Это была не первая ее попытка взвалить на плечи Гвен невыполнимое задание. Как только Томас начал бывать в доме Модсли, леди Анна стала подговаривать ее вышить тридцать носовых платочков для благотворительного базара леди Милтон, который должен был состояться всего лишь через три недели. Гвен понимала, чего именно добивалась леди Анна. Она хотела, чтобы члены благотворительного комитета не приняли Гвен в свои ряды как человека, не сдержавшего данное слово.

Гвен не обижалась на леди Анну и с улыбкой поддавалась на ее уговоры. Женщина с разбитым сердцем была способна на любое безумство. Гвен знала это по себе. Сама она, когда лорд Трент бросил ее — подумать только! — начала изучать латынь. Поэтому Гвен, не щадя сил, принимала участие в благотворительных акциях, и вскоре газеты стали писать о ней как об исключительно благонравной девушке, «верном друге, надежном человеке с врожденным чувством милосердия и благородства». Это звание ко многому обязывало Гвен и стоило ей немалого труда.

Она подумывала о том, чтобы расстаться со спицами и пяльцами после свадьбы. Впрочем, удастся ли ей это?

Стук в дверь прервал ход мыслей Гвен. Подружки невесты вздрогнули и отскочили от двери. В комнату, широко улыбаясь, вошла тетушка Эльма, а за ней порог переступил дядя Генри. Увидев его, Гвен почувствовала, как у нее пересохло во рту.

— Уже пора? — прошептала она.

— Да, — ответила тетушка Эльма мягким тоном. — Я пришла за твоими подружками дорогая.

Девушки засуетились, а затем, расцеловав невесту и сказав ей напоследок несколько ободряющих слов, быстро вышли.

В комнате остались только Гвен и дядя Генри. Они молчали. Издали доносился похожий на прибой шум сотен голосов. Это были гости, собравшиеся в главном помещении храма. Приглашенных было более трех сотен.

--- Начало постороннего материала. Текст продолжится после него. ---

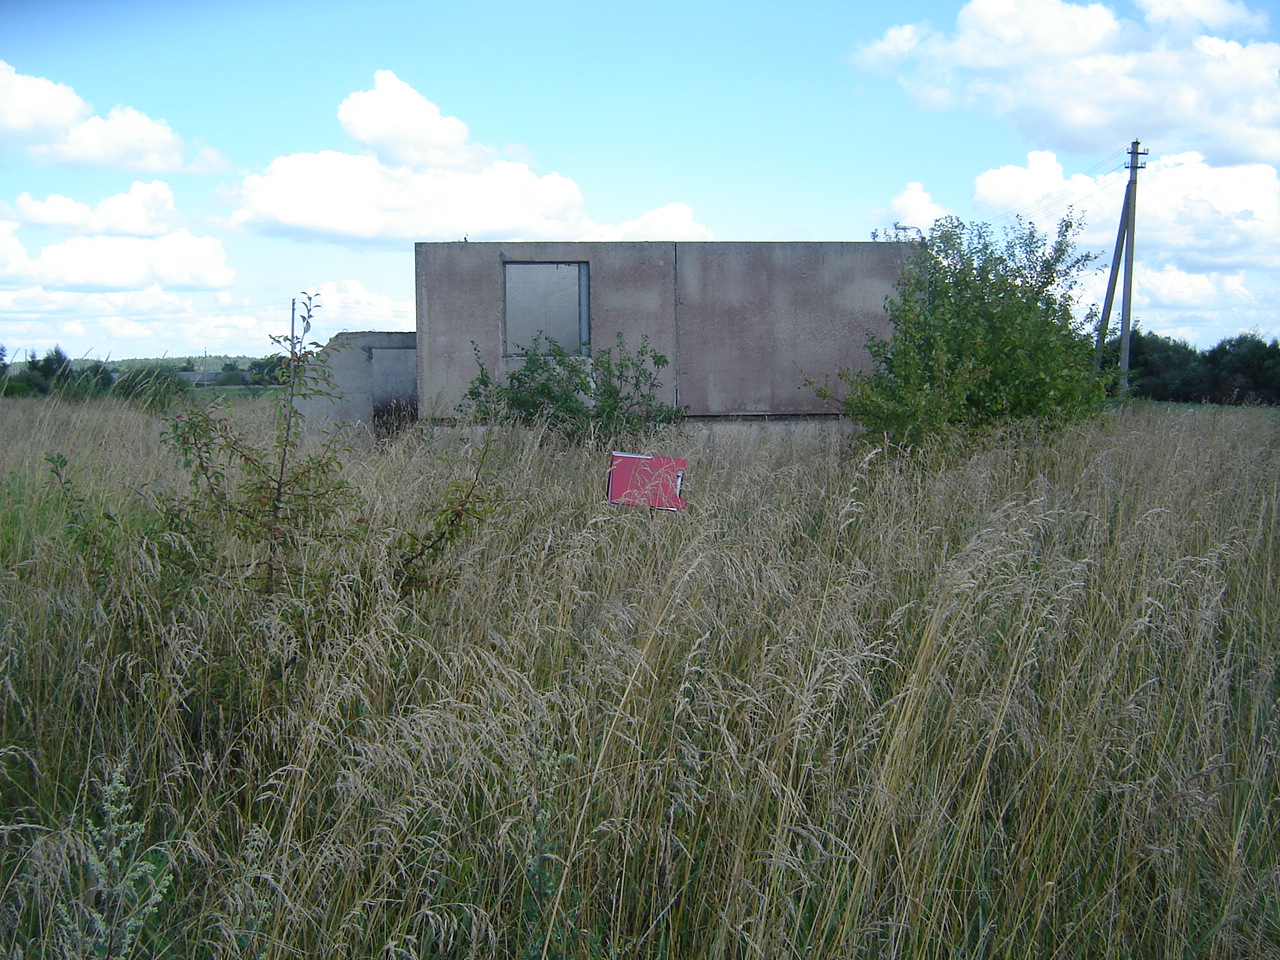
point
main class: Grassland
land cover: Spontaneously vegetated surfaces
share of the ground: > 75 %
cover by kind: herbaceous plants 95 %, shrubs 5 %
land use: Abandoned areas
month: August
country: LT
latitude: 55.0187
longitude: 24.8909
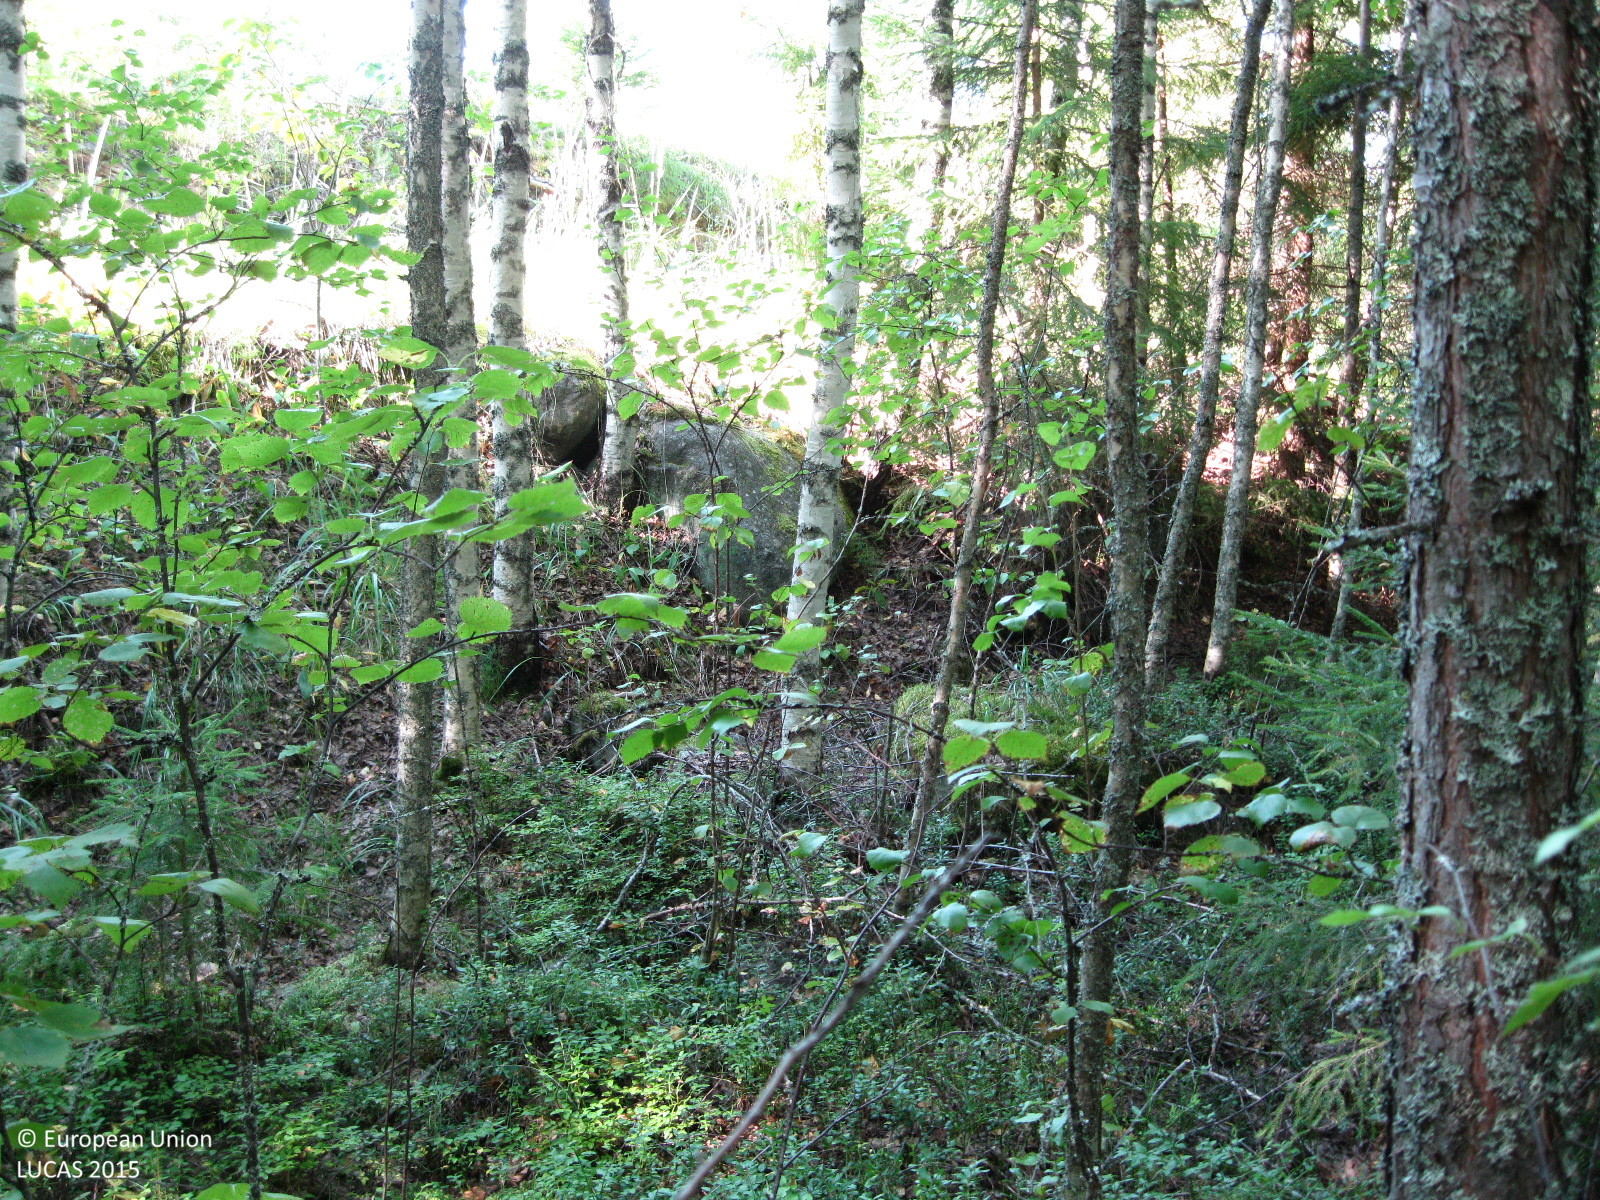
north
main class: Woodland
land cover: Pine dominated mixed woodland
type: boreal forest
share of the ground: > 75 %
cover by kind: broadleaved forest trees 55 %, coniferous forest trees 45 %
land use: Forestry
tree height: > 5 m
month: August
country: FI
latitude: 61.2432
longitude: 25.0378

«Не много ли гостей? — озабоченно думала Гвен, чувствуя, как у нее от волнения замирает сердце. — Ведь это шестьсот глаз, и все они будут устремлены на меня…»

— Ну, хорошо, — бодро вымолвила она.

Генри Бичема нельзя было назвать разговорчивым человеком. Прочистив горло, он кивнул Гвен, а затем провел пальцами по своим седым усам и стал разглядывать ботинки.

Гвен улыбнулась, вспомнив, что при первой встрече с ней он вел себя подобным же образом. Когда Гвен появилась на его пороге, он погладил усы и молча засопел. Его жена, тетушка Эльма, попросила Генри сказать хоть что-нибудь, чтобы Гвен не сочла его немым.

— Ладно, ладно, — промолвил он и снова замолчал.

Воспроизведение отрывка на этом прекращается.